A thesis in Scott’s mind is visibly that creation is a cyclical act of hubris and disappointment, culminating in an ungrateful and hostile offspring. After all, while Ash failed to kill Ripley, a woman he might have some incomprehensible attraction toward, Blade Runner’s Roy Batty successfully murdered the father/creator/god who could not live up to Roy’s hopes of offering a pathway to cheating death.
While Blade Runner is not canonically part of the Alien franchise, it nevertheless has shaped pretty much what the series is today. Perhaps in large part because the appeal of the original Alien’s titular creature was its mystery. If you watch that 1979 movie while ignoring the decades of sequels and spinoffs that followed, there really is no telling just how intelligent the creature is, nor what exactly it is doing with the bodies that disappear (unless you watch the director’s cut, which in turn contradicts every movie made afterward). The Star Beast is unknowable. And the more we inevitably are forced to learn about it by returning to this universe, the less scary it becomes, beginning with Cameron’s incredibly entertaining Aliens (1986), a grand action-adventure movie that nonetheless turns the aliens into “bugs.” It even gives them a name that makes them less scary: xenomorphs.
Conversely, the more time we spend grappling with the idea of artificial intelligence and of synthetic living creatures that look like us, but behave decidedly not like us, the more terrifying they become. This is doubly true in the world that Alien: Earth and Alien: Romulus have come into, the latter of which is most interesting when exploring the relationship between protagonist Rain (Cailee Spaeny) and Andy (David Jonsson), a rudimentary and simplistic android she’s known since her childhood. An orphan without family, Rain looks at Andy like her brother, but does he really care about her or can that be programmed away, as another robot attempts to do later in the movie?

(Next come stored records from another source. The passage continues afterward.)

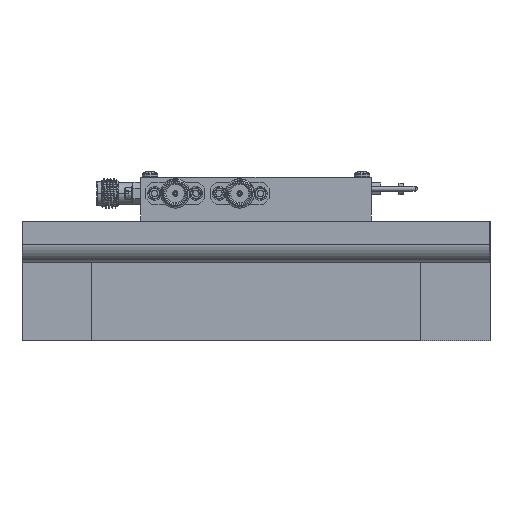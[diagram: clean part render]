
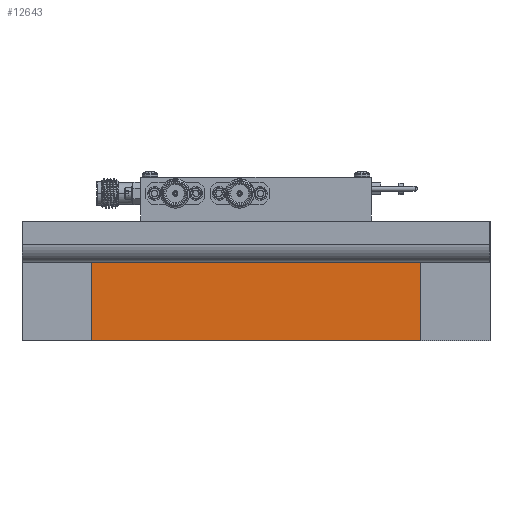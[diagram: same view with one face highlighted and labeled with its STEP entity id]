
A CAD part, left-side view. The second image highlights one B-rep face of the part: STEP entity #12643.
In plain terms, the highlighted planar face has unit normal (-1, 0, 0).
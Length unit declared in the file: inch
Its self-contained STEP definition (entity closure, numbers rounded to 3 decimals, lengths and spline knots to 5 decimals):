
#3337 = DIRECTION ( 'NONE',  ( 0., 0., -1. ) ) ;
#9483 = FACE_OUTER_BOUND ( 'NONE', #31076, .T. ) ;
#10702 = LINE ( 'NONE', #83434, #46396 ) ;
#11066 = CARTESIAN_POINT ( 'NONE',  ( -3.1372, 1.40748, -0.61024 ) ) ;
#12643 = ADVANCED_FACE ( 'NONE', ( #9483 ), #68512, .F. ) ;
#14297 = EDGE_CURVE ( 'NONE', #59304, #19594, #44063, .T. ) ;
#14385 = ORIENTED_EDGE ( 'NONE', *, *, #14297, .T. ) ;
#18915 = VECTOR ( 'NONE', #101498, 39.37008 ) ;
#19103 = ORIENTED_EDGE ( 'NONE', *, *, #89427, .T. ) ;
#19594 = VERTEX_POINT ( 'NONE', #11066 ) ;
#20720 = VECTOR ( 'NONE', #89968, 39.37008 ) ;
#22759 = CARTESIAN_POINT ( 'NONE',  ( -3.1372, -1.99803, -0.61024 ) ) ;
#26291 = CARTESIAN_POINT ( 'NONE',  ( -3.1372, -1.99803, -0.61024 ) ) ;
#31076 = EDGE_LOOP ( 'NONE', ( #14385, #54307, #33558, #19103 ) ) ;
#33558 = ORIENTED_EDGE ( 'NONE', *, *, #98920, .F. ) ;
#41453 = CARTESIAN_POINT ( 'NONE',  ( -3.1372, 1.40748, -1.39764 ) ) ;
#44063 = LINE ( 'NONE', #26291, #20720 ) ;
#45542 = AXIS2_PLACEMENT_3D ( 'NONE', #22759, #100549, #69890 ) ;
#45737 = CARTESIAN_POINT ( 'NONE',  ( -3.1372, -1.40748, -0.61024 ) ) ;
#46396 = VECTOR ( 'NONE', #58692, 39.37008 ) ;
#47162 = LINE ( 'NONE', #45737, #18915 ) ;
#51086 = CARTESIAN_POINT ( 'NONE',  ( -3.1372, -1.40748, -1.39764 ) ) ;
#53213 = VECTOR ( 'NONE', #3337, 39.37008 ) ;
#54307 = ORIENTED_EDGE ( 'NONE', *, *, #94696, .T. ) ;
#54705 = CARTESIAN_POINT ( 'NONE',  ( -3.1372, -1.40748, -0.61024 ) ) ;
#58692 = DIRECTION ( 'NONE',  ( 0., 1., 0. ) ) ;
#59304 = VERTEX_POINT ( 'NONE', #54705 ) ;
#68512 = PLANE ( 'NONE',  #45542 ) ;
#69523 = VERTEX_POINT ( 'NONE', #41453 ) ;
#69890 = DIRECTION ( 'NONE',  ( 0., 0., 1. ) ) ;
#72533 = VERTEX_POINT ( 'NONE', #51086 ) ;
#74464 = CARTESIAN_POINT ( 'NONE',  ( -3.1372, 1.40748, -0.61024 ) ) ;
#83434 = CARTESIAN_POINT ( 'NONE',  ( -3.1372, -1.99803, -1.39764 ) ) ;
#89427 = EDGE_CURVE ( 'NONE', #72533, #59304, #47162, .T. ) ;
#89968 = DIRECTION ( 'NONE',  ( 0., 1., 0. ) ) ;
#94696 = EDGE_CURVE ( 'NONE', #19594, #69523, #97555, .T. ) ;
#97555 = LINE ( 'NONE', #74464, #53213 ) ;
#98920 = EDGE_CURVE ( 'NONE', #72533, #69523, #10702, .T. ) ;
#100549 = DIRECTION ( 'NONE',  ( 1., 0., 0. ) ) ;
#101498 = DIRECTION ( 'NONE',  ( 0., 0., 1. ) ) ;

That film and this year’s TV series were released in a world where artificial intelligence was no longer an abstract idea. We’re still (thankfully) years or decades away from true general artificial intelligence, or a sentient machine that can think like a human but faster, but the idea is no longer pure fantasy. So Rain’s attachment to her AI companion in Romulus, or Wendy’s existence teasing out a post-death future, becomes far more intriguing to the mind of creators like Scott and Hawley than the monster stalking you on the spaceship.

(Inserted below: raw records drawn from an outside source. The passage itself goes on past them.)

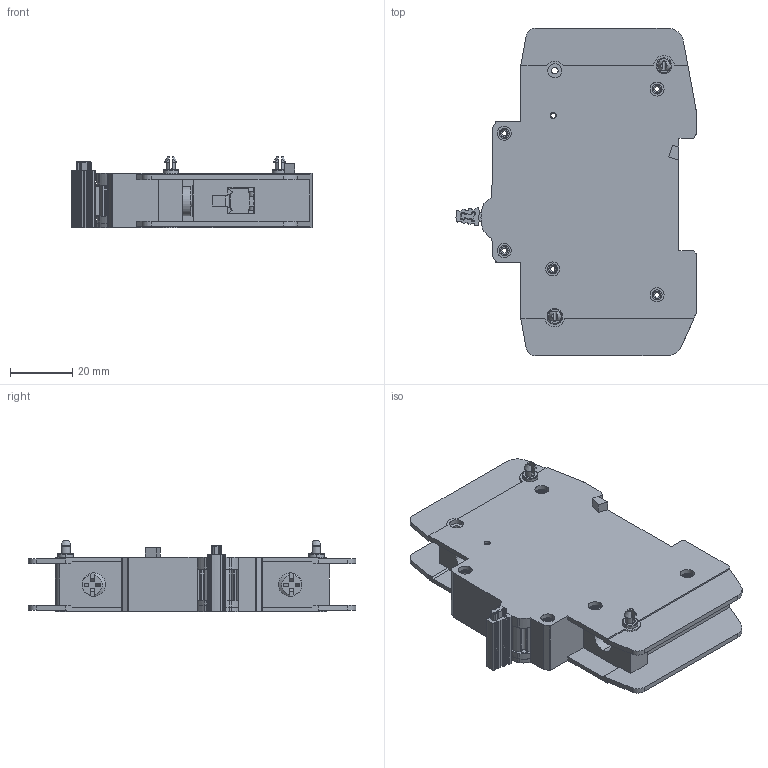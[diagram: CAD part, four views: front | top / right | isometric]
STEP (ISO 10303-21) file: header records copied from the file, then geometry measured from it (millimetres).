
FILE_DESCRIPTION (( 'STEP AP203' ), '1' );
FILE_NAME ('GMCBU-UV220-240VAC.STEP', '2020-06-17T13:18:56', ( '' ), ( '' ), 'SwSTEP 2.0', 'SolidWorks 2019', '' );
FILE_SCHEMA (( 'CONFIG_CONTROL_DESIGN' ));
Length unit declared in the file: inch
Products named in the file (1): GMCBU-UV220-240VAC
Bounding box: 77 x 105 x 23 mm (x, y, z)
Volume: 76508.2 mm3; surface area: 32863 mm2
Topology: 16 solids, 16 shells, 956 faces, 2599 edges, 1695 vertices
Faces by surface type: plane 515, cylinder 353, bspline 61, cone 22, torus 5
Entity records: 32247 total; most frequent: CARTESIAN_POINT 7837, ORIENTED_EDGE 5198, DIRECTION 4984, EDGE_CURVE 2599, VERTEX_POINT 1695, LINE 1668, VECTOR 1668, AXIS2_PLACEMENT_3D 1658

So much so that this fall’s Predator: Badlands is expected to mark another crossover between the Alien and Predator series… except not in the way comic-con crowds probably would expect. Indeed, the big revelation at this year’s SDCC was that Elle Fanning is playing a pair of synthetic characters built by Weyland-Yutani, the same duplicitous company from all the Alien movies. Apparently both of Fanning’s robots will be different in terms of personalities, with one of them bisected from the waist down and forced to rely on the film’s central Predator (Dimitrius Schuster-Koloamatangi) as her companion and protector on a planet so hostile that even the Predators are now prey. But if we know anything about Weyland-Yutani products, it’s that even a Predator might be wise to distrust the Company’s AI and its sing-song flattery and user engagement.
Whatever the future holds for that partnership, what’s clear is that for actual creators, the most fascinating organisms in the Alien franchise were the robots all along. One might even call them perfect.